多层软骨组织工程支架的制备

Fabrication of Layered Scaffold for Cartilage Tissue Engineering

软骨组织工程为关节软骨损伤的治疗提供了一种理想的治疗途径,但体外构建的软骨如何在临床应用时采用适当的方法短期内在体内进行良好地固定仍然没有得到很好的解决,阻碍了采用组织工程方法治疗关节软骨疾病的临床应用。本研究通过冷冻干燥的方法制备出一个上层为胶原,下层逐层过渡到以羟基磷灰石为主的复合一体化软骨组织工程支架,利用复合支架下层羟基磷灰石良好的骨传导作用,将支架整体通过底部的快速固定达到对上层软骨进行固定的目的。本研究对该复合支架的制备及其形态结构特点进行了初步研究。结果表明胶原层的孔径孔隙率可以通过冷冻温度及胶原溶液浓度进行控制;羟基磷灰石粒度及其粒度分布明显影响其在胶原支架内部的分布;SEM照片表明用该方法制备出了三层具有不同羟基磷灰石含量的复合胶原羟基磷灰石软骨组织工程支架,支架总高度为6cm,每层高度约为2cm,三层之间不存在界面形成了一个均匀的整体结构。为软骨组织工程提供了一种新型的支架。

Cartilage tissue engineering is a promising therapy for articular cartilage lesions. But the problem how to quickly fix the constructed cartilage tissue in vitro to the natural tissue is still under research. This would influence the wide application of cartilage tissue engineering production in clinical practice. In this study, a layered articular cartilage tissue engineering scaffold was made by the freeze-dry method. The upmost layer is a pure collagen layer and the downmost layer is a collagen/hydroxyapatite （HA） composite layer. Between the two layers are the layers that the HA contents increased. This structure with the HA contents has the osteoconduction capacity, and makes it possible to achieve the fast fixation function of the engineered cartilage through the interaction between the bone and the HA contents in the scaffold once the scaffold implanted into the tissue.
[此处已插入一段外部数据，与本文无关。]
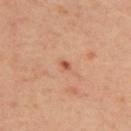follow-up: total-body-photography surveillance lesion; no biopsy
body site: the upper back
image: ~15 mm tile from a whole-body skin photo
TBP lesion metrics: a footprint of about 1 mm², an outline eccentricity of about 0.75 (0 = round, 1 = elongated), and two-axis asymmetry of about 0.45; an average lesion color of about L≈51 a*≈28 b*≈34 (CIELAB), about 12 CIELAB-L* units darker than the surrounding skin, and a normalized lesion–skin contrast near 8.5; border irregularity of about 3 on a 0–10 scale, a within-lesion color-variation index near 0/10, and peripheral color asymmetry of about 0; lesion-presence confidence of about 100/100
size: ~1.5 mm (longest diameter)
subject: female, approximately 45 years of age
tile lighting: cross-polarized

The fabrication method and the structure properties of the layered scaffold were discussed in this paper. The results showed that the pore size and porosity of the collagen layer could be controlled by the frozen temperature and the collagen solution concentration. The HA particle size and distribution of it would influence HA＇s distribution in the collagen scaffold. SEM pictures showed that the fabricated layered collagen/HA composite scaffold was a 6cm cylinder with three different HA content containing layers. Each layer had a height about 2cm. The three layers formed a homogeneous unit without any separation between each layer. The layered scaffold could be a promising candidate for the cartilage tissue engineering.